Dip baits work best when fished in the current, because the moving water carries bait particles downstream as the dip breaks up creating a chum line of sorts that leads directly to the hook. Dips often out-produce other baits in rivers or in sections of reservoirs that have plenty of current running through them. However, reservoir fisheries can turn on and off as if someone was flipping a light switch based on power-generation schedules.

Anglers should consider how cats are likely to relate to a river hole or other structure and set up with their baits on the up-current side of where they expect the cats to hold. It is also wise to make repeated casts to the same general area, because doing so strengthens the line of scent to the area where the bait settles.

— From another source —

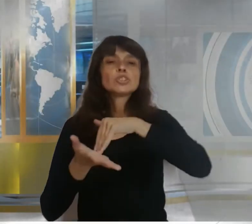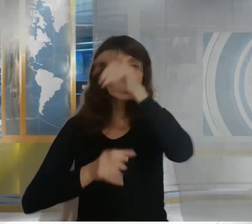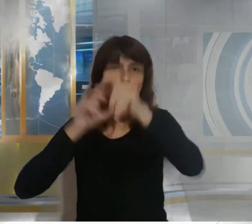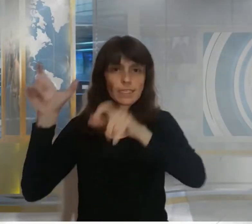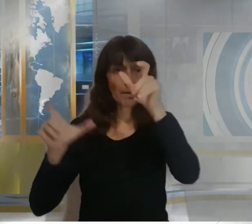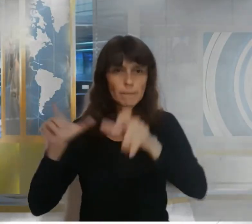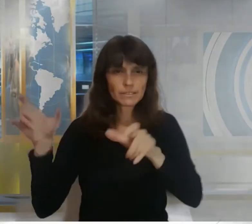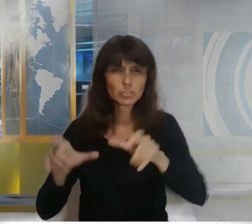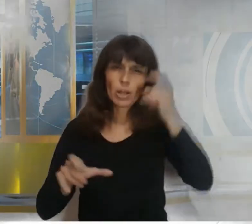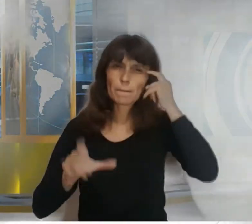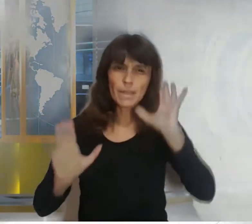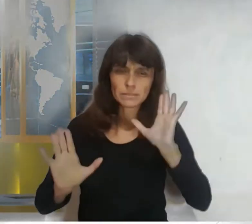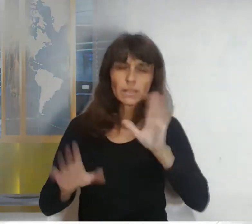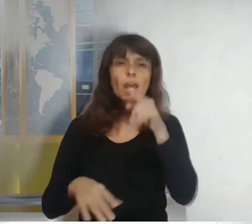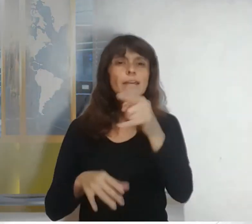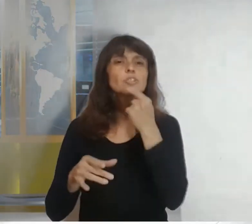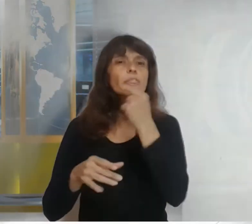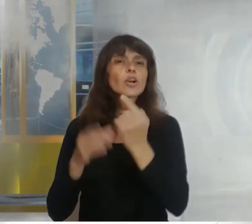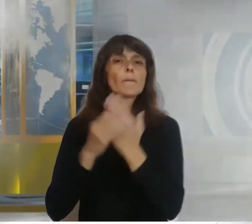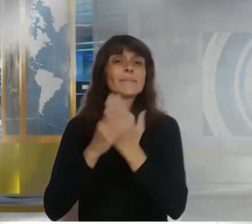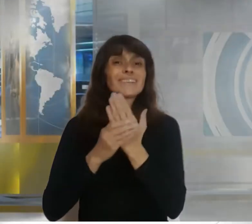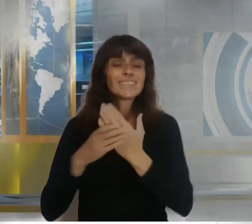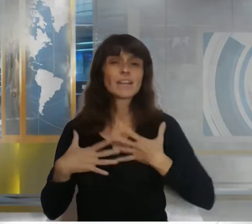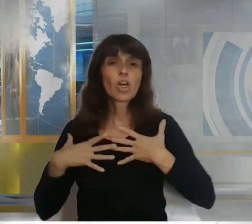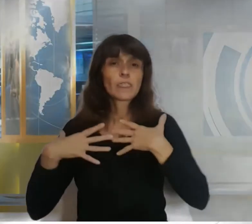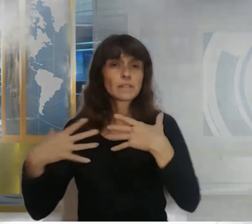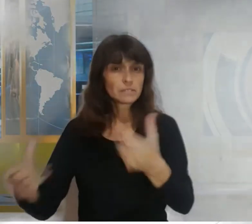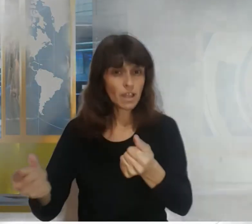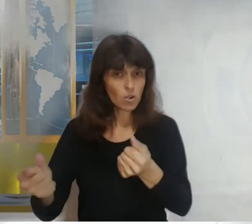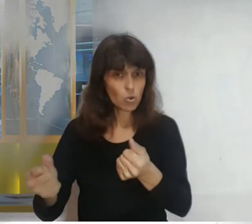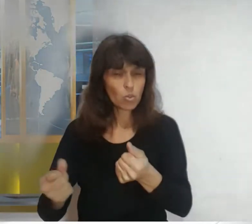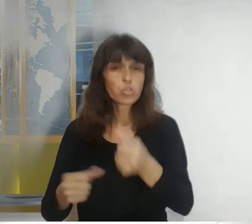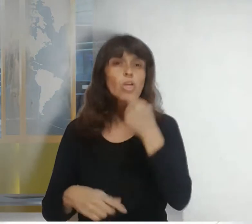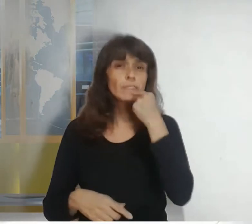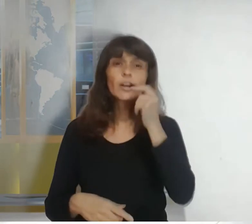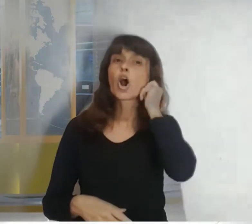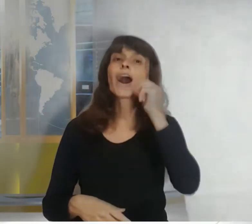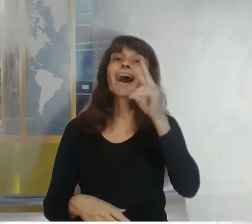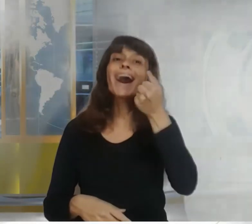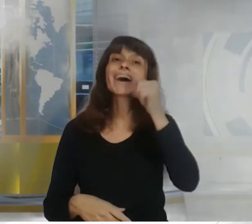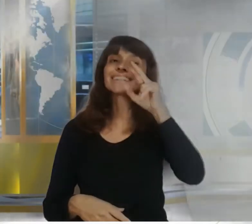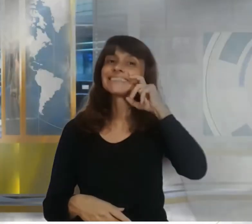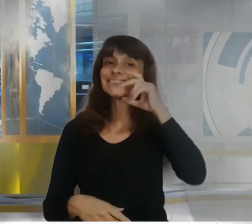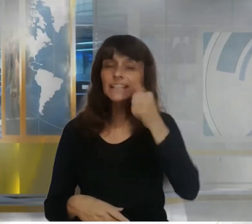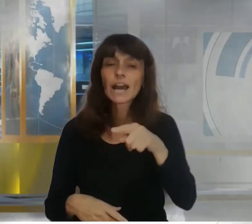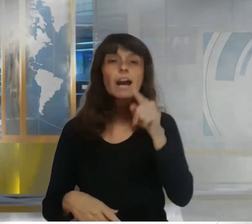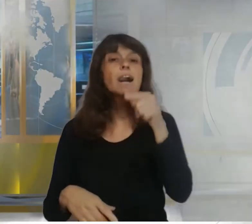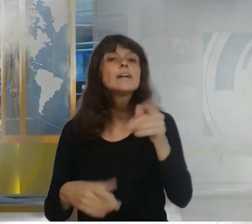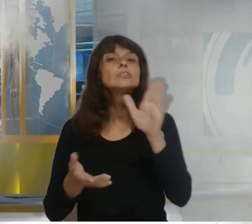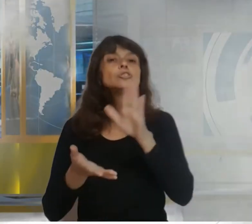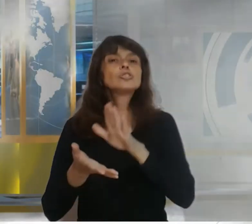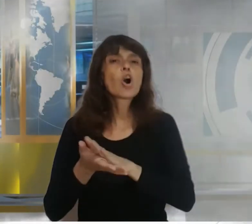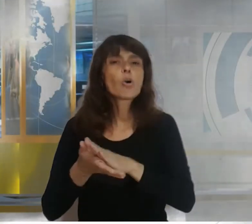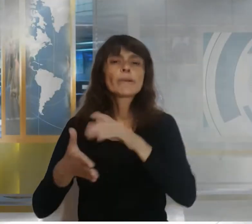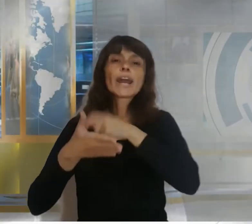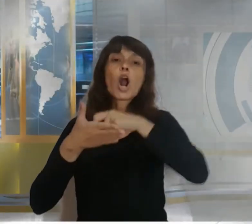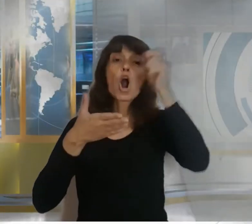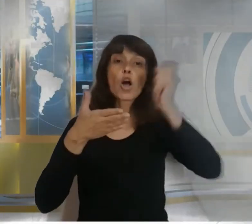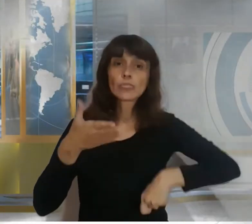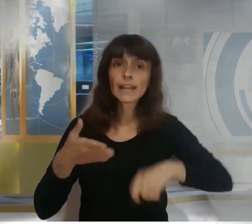de personas Según el Ministerio de Salud a cargo de Ginés González García en base a los contratos

Dips generally do not stay on hooks - even treble hooks - on their own. There is nothing solid to put a hook through. Instead, anglers buy "catfish worms," most of which are tubes with holes in them or ringworm-style rubber worms. All are designed to hold the bait initially, but release it gradually. Most come pre-rigged with treble hooks on leaders, and sometimes a worm or two is included with a can of dip. An alternative is to string a piece of sponge onto the shank of the treble hook.

Dip baits are generally best kept in the shade during mid-summer days. Most get thinner in the heat, and keeping the bait on the hook can become challenging. Some manufacturers sell additives that help thicken dip baits that get too thin on toasty afternoons.

A final important accessory, similar to the liver fisherman's hand towel, is some sort of a dipstick to push the worm or sponge down into the bait without actually touching the goop.